Assigned task.
Lines holding the string "fill" are the ones to copy; find them all in the data.

Source information.
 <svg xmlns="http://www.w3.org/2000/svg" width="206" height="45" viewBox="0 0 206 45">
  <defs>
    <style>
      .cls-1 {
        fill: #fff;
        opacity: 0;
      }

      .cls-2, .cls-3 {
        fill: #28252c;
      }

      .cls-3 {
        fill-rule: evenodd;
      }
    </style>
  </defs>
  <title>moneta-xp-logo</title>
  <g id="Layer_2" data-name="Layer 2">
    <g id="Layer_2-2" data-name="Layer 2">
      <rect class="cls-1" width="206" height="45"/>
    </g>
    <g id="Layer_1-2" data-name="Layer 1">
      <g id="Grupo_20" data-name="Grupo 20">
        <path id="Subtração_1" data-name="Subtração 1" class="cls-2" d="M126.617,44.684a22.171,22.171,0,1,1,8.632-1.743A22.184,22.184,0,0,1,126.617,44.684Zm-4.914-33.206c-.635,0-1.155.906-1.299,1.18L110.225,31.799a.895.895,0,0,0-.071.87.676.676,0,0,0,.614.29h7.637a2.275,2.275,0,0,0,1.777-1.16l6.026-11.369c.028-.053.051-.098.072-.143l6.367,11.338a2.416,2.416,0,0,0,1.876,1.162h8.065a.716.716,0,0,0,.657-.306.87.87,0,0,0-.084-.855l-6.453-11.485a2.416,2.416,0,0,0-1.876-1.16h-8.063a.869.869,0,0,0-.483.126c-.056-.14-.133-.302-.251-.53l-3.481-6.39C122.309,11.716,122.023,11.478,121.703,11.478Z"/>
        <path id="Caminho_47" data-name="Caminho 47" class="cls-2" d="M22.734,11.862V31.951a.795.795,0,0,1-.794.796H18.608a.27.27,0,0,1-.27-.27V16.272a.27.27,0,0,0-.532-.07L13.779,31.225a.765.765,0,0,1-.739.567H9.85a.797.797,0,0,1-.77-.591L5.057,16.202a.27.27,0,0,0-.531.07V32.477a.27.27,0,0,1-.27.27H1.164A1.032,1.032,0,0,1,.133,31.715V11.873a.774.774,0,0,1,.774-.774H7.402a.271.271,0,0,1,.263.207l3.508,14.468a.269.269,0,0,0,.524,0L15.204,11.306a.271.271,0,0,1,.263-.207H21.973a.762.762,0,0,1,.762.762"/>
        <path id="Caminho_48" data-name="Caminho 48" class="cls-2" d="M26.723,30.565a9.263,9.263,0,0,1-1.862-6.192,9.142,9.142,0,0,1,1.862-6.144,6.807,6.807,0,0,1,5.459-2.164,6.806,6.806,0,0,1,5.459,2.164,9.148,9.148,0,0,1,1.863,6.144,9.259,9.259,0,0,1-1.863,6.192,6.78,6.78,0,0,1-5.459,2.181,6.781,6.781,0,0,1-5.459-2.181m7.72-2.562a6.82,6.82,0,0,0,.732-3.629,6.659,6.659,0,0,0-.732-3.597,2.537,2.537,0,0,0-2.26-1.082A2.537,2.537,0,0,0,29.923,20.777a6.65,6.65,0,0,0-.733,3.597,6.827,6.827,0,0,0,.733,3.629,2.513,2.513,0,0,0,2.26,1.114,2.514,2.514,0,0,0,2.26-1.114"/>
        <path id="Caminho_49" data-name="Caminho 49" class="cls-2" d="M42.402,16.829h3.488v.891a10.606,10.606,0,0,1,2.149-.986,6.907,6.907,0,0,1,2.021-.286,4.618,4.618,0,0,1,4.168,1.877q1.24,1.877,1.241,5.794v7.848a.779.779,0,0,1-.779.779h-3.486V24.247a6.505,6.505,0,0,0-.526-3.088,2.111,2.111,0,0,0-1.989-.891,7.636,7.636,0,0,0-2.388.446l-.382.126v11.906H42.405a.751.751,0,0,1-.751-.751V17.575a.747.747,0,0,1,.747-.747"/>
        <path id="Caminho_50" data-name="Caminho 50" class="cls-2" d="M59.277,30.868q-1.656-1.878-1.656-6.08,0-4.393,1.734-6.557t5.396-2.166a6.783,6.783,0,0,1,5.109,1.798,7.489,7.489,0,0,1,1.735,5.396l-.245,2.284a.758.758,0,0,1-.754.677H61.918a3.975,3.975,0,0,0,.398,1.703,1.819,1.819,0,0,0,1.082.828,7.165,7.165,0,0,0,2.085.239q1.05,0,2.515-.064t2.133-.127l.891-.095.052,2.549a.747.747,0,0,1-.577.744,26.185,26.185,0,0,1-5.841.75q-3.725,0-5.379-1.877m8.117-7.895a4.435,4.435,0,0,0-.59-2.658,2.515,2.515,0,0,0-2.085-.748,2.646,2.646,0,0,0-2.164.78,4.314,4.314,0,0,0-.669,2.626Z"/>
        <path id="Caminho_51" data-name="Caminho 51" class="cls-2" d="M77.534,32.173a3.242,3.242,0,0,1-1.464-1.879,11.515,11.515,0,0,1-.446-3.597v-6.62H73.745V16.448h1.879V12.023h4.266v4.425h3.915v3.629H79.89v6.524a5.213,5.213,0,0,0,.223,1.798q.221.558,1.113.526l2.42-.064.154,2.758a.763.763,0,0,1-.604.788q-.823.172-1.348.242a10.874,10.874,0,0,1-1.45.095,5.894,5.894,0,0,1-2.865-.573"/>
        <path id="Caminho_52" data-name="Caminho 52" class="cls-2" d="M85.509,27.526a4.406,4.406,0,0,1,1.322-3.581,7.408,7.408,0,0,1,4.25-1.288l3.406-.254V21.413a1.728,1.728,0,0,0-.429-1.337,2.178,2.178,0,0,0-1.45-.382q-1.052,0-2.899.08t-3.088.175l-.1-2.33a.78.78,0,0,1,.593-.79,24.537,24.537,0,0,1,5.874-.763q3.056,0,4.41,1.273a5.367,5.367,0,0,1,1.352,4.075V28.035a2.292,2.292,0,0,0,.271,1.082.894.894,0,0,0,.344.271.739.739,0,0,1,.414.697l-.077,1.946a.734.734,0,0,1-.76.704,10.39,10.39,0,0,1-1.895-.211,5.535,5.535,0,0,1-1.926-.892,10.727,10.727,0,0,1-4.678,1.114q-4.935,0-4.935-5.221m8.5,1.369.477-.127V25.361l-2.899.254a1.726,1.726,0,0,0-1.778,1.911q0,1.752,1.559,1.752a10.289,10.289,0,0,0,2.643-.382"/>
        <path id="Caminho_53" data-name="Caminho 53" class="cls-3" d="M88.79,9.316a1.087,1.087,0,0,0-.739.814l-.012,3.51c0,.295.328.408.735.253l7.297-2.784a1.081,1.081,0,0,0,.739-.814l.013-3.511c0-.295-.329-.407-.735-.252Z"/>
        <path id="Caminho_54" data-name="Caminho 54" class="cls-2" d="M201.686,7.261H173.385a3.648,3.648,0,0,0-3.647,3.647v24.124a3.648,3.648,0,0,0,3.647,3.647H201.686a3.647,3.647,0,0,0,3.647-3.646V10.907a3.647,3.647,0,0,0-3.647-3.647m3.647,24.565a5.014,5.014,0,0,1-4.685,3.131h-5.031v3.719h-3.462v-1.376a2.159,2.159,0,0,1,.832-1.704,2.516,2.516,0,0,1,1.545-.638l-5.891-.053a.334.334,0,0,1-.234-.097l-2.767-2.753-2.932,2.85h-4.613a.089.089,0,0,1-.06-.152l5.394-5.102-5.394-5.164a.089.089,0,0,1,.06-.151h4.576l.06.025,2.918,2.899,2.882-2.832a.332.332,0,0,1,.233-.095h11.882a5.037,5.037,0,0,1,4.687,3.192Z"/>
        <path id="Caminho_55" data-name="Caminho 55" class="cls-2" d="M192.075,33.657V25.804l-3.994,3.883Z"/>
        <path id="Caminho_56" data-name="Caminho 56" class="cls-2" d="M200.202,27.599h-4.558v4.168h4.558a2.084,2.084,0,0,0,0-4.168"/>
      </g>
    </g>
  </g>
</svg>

Output below.
        fill: #fff;
        fill: #28252c;
        fill-rule: evenodd;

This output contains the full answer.